2013-04-25 Thread Alessandro Vesely
The Encrypted Media Extensions (EME, a.k.a. DRM in HTML5)
specification is not a real DRM itself.  It provides for add-on parts
described as Content Decryption Modules that provide DRM functionality
for one or more Key Systems.  DRMs are obviously designed to be
non-interoperable, and EME is a standard for managing such
non-standard stuff.  That is going to break interoperability, as any
given browser will inevitably miss some decryption modules.

Internet, globalization, and the information age may well entail a
change in the basic principles of economics.  However, IMHO, DRM is
not a solution to copyright infringement, not more than postage is a
solution to spam.  Injecting DRM through EME is a disservice to web
standardization, since the latter is supposed to foster the Internet
revolution.

If you haven't done so already, please sign the FSF petition:
http://www.defectivebydesign.org/no-drm-in-html5

Thank you


Re: W3C standards and the Hollyweb

2013-04-25 Thread Mark Nottingham
Personally, I don't have a firm position on these issues, but I couldn't let 
this pass by.

On 25/04/2013, at 7:38 PM, Alessandro Vesely ves...@tana.it wrote:

 The Encrypted Media Extensions (EME, a.k.a. DRM in HTML5)
 specification is not a real DRM itself.  It provides for add-on parts
 described as Content Decryption Modules that provide DRM functionality
 for one or more Key Systems.  DRMs are obviously designed to be
 non-interoperable, and EME is a standard for managing such
 non-standard stuff.  That is going to break interoperability, as any
 given browser will inevitably miss some decryption modules.

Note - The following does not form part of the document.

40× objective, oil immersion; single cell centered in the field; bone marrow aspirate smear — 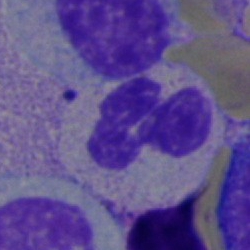 Specimen: bone marrow smear.
Classification: segmented neutrophil.
Lineage: myeloid.

The same could be said about the Content-Type header in HTTP; allowing for new, 
even non-standard formats in browsers is by design, not counter to the Web (or 
Internet) architecture. All implementations moving in lockstep is not the 
same as interoperability, and we have plenty of examples of such extension 
points in our protocols here.

[...]

 Injecting DRM through EME is a disservice to web
 standardization, since the latter is supposed to foster the Internet
 revolution.


What does that *mean*? I'm wary of waving around banners like the Internet 
revolution, since they can so easily be misused.

If folks want to argue against DRM, or even accommodating DRM in standards, 
that's great, but let's not use bad arguments to do it.